40 = range card response < 0 G: -$250,001 to -$1,000,000.
41 = range card response < 0 H: -$1,000,001 to -$10,000,000.
42 = range card response < 0 I: -$10,000,001 to -$100,000,000.
43 = range card response < 0 J: less than -$100,000,000.
44 = value < 0, amount DK
45 = value < 0, amount NA
49 = variable imputed during editing from margin notes, reimputed.
50 = original response was DK.
51 = original response was NA (includes refusals, interviewer errors,
and missing data resulting from editing decisions). Does not
include data missing as a result of missing higer-order questions.
52 = original response missing as a result of missing information for
a higher-order question (typically a YES/NO cut question). In
this case, the higher-order question has been imputed in such
a way as to render response appropriate.
53 = refused (available only for aggregate income, income range
questions, whether filed tax return, and AGI: T3/4/7b/7d).
54 = some, DK how many (see B6).
79 = data missing becaue of questionnaire error, or data not collected
80 = recode variable, missing because data not collected for a
sub-group, data to be imputed.
81 = recode variable, some, but not all components originally missing.
82 = recode variable, all components originally missing.

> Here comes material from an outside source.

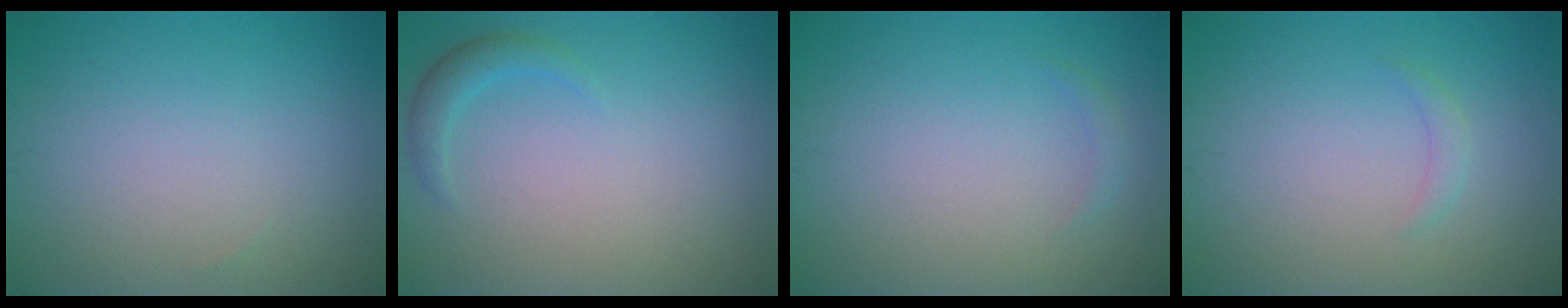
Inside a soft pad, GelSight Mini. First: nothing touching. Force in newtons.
{"total": 1.6, "press": 1.6, "slide": 0.1}
{"total": 0.7, "press": 0.7, "slide": 0.1}
{"total": 1.0, "press": 1.0, "slide": 0.1}

88 = for property value, only assessed value given.
98 = override of reported information (e.g., R says has 1 IRA, but
2 institution types reported) -- value set to missing.

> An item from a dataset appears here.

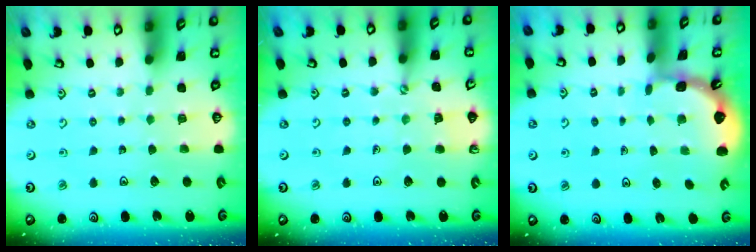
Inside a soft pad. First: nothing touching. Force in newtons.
{"total": 2.1, "press": 2.1, "slide": 0.4}
{"total": 0.9, "press": 0.9, "slide": 0.2}

99 = used for absent spouse for J104 or J105 when X104 OR X105 < 0.
100 = Value set to missing while problem with case is being resolved
(temporary code).
183 = demographic and employment recodes for panel and panel/cross-section
cases: only 83 data missing.
184 = employment recodes for panel and panel/cross-section cases: 83
and 86 data missing.
185 = demographic and employment recodes for panel and panel/cross-section
cases: 83 and 89 data missing.
186 = demographic, marital history, and employment recodes for panel
and panel/cross-section cases: only 86 data missing.
187 = demographic, marital history, and employment recodes for panel
and panel/cross-section cases: 86 and 89 data missing.
188 = marital history and employment recodes for panel
and panel/cross-section cases: 83,86 and 89 data missing.
189 = demographic, marital history, and employment recodes for panel
and panel/cross-section cases: only 89 data missing.
200 = marital history variable set to missing due to irreconcilable
inconsistencies between 1986 and 1989 data.